I've upped my max volume to 6 gals now as I find I have the room in most of my fermentors. When making a beer with an ABV as high as ~7% would you make a starter if using US-05/S-04/T-58? Or is it enough to handle the larger volume on its own?
Wouldn't two packets of yeast be way over pitching for 6 gals?
Were I brewing a low ABV beer I wouldn't be concerned, but with them being a bit high I'm wondering if the yeast count is a little low for 6 gals, which is why I wondered if a small starter wouldn't be necessary.
Starters benefit any beer
all you are doing with a starter is making sure the yeast is awake and active, ready to go. the side benefits is it populates the starter solution and the yeast count is so much higher, and that helps a lot
when you pitch yeast, it has been sitting around dormant, and you wake it up, by making a starter the yeast is woke up and excited by the time you pitch it,
when yeast hits the wort, it will populate that and go to town eating the sugars, the more you pitch the better,
SO make starters if you want better fermentations
Not with dry yeast, which is what he's asking about. Do not make a starter for dry yeast, just use 2 packets instead of one if you need a higher cell count.

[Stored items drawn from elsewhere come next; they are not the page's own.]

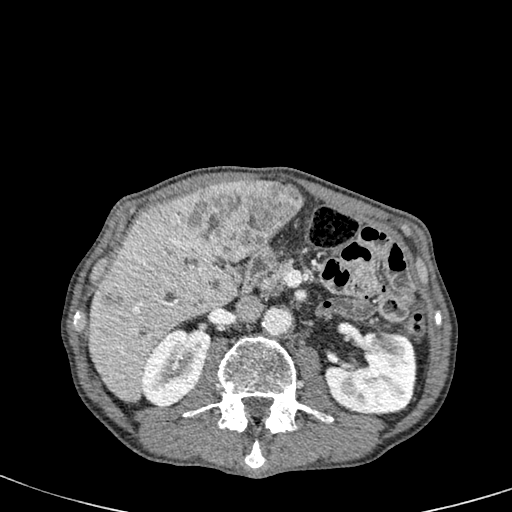 CT
hepatic_lesion:
  - {"x1": 192, "y1": 180, "x2": 302, "y2": 260}
  - {"x1": 102, "y1": 294, "x2": 122, "y2": 307}
liver:
  - {"x1": 89, "y1": 194, "x2": 236, "y2": 401}
  - {"x1": 282, "y1": 183, "x2": 300, "y2": 194}
kidney:
  - {"x1": 141, "y1": 330, "x2": 209, "y2": 406}
  - {"x1": 326, "y1": 327, "x2": 415, "y2": 413}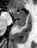 MR
The anterior hippocampus is located at rect(9, 7, 26, 19). The posterior hippocampus is at rect(14, 20, 25, 28).
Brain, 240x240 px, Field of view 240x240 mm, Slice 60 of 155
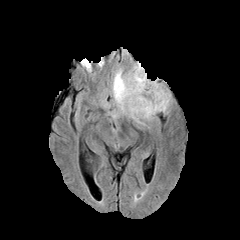
FLAIR magnetic resonance.
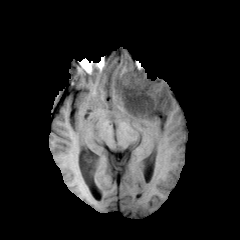
T1-weighted magnetic resonance.
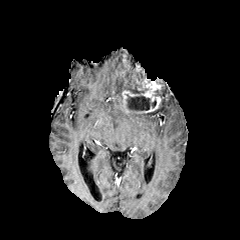
Post-contrast T1-weighted MR.
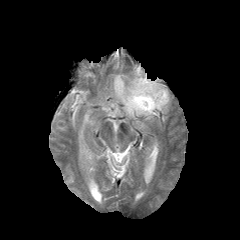
T2-weighted MRI.
Edema: rect(109, 63, 134, 109); rect(127, 85, 170, 123).
Enhancing tumor: rect(122, 67, 167, 113).
Non-enhancing tumor core: rect(155, 88, 165, 96); rect(127, 96, 156, 111); rect(132, 81, 143, 93).
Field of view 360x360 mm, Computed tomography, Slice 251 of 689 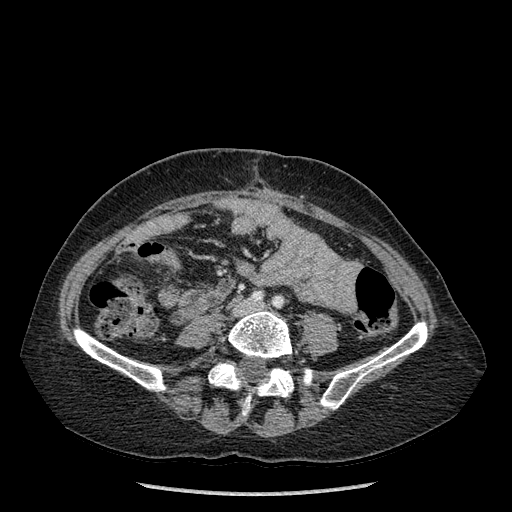
Bone = 256 368 293 397, 319 321 427 409, 228 310 291 358, 74 328 165 391, 208 362 241 389, 242 393 251 415, 303 369 312 385.

I think this is a personal thing guys, and your own results should dictate your policy. I know I get greater results with a starter, I do not need to look up someones book to tell me my results are wrong.
after all if everybody did this the exact same way there would only be 1 style of beer.

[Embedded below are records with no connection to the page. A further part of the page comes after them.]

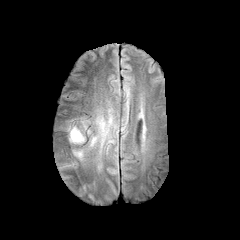
FLAIR MRI.
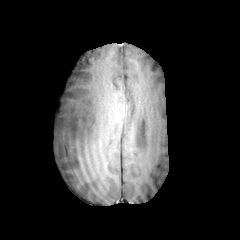
T1-weighted MR image.
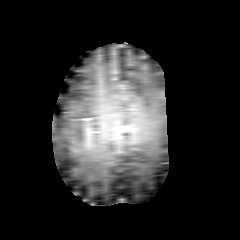
Same slice, post-contrast T1-weighted magnetic resonance.
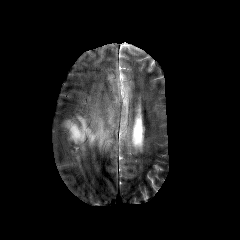
Same slice, T2-weighted MR image.
edema: [x1=68, y1=118, x2=94, y2=143]

no problem with the quote, we all have our sourcesSorry, I guess quoting Palmer is a bit nerdy of me. Admittedly, I'm not the most experienced home brewer so I often turn to Palmer's book for advice (plus the great ppl at HBT). You have a point though, do what gets the best results for you.

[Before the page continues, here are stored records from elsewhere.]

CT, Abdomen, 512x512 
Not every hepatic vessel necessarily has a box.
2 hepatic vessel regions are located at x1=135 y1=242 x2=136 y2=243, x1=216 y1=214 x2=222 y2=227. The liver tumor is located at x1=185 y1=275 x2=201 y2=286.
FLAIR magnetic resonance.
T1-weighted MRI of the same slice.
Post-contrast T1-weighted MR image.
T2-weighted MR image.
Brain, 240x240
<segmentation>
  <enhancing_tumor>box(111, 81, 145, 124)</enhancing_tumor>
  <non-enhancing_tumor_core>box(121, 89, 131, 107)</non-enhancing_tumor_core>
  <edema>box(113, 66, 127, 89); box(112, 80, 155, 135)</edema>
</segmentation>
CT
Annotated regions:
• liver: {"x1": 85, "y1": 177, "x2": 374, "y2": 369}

so tell me, if such is the case, why do the big guys use starters? they could just use dried yeast.
just pitch the amount needed, it would make sense and they could close down that expensive department they have culturing yeast and getting cell counts up to where they want them to pitch.
I am just asking. not arguing
I think this is a personal thing guys, and your own results should dictate your policy. I know I get greater results with a starter, I do not need to look up someones book to tell me my results are wrong.
after all if everybody did this the exact same way there would only be 1 style of beer.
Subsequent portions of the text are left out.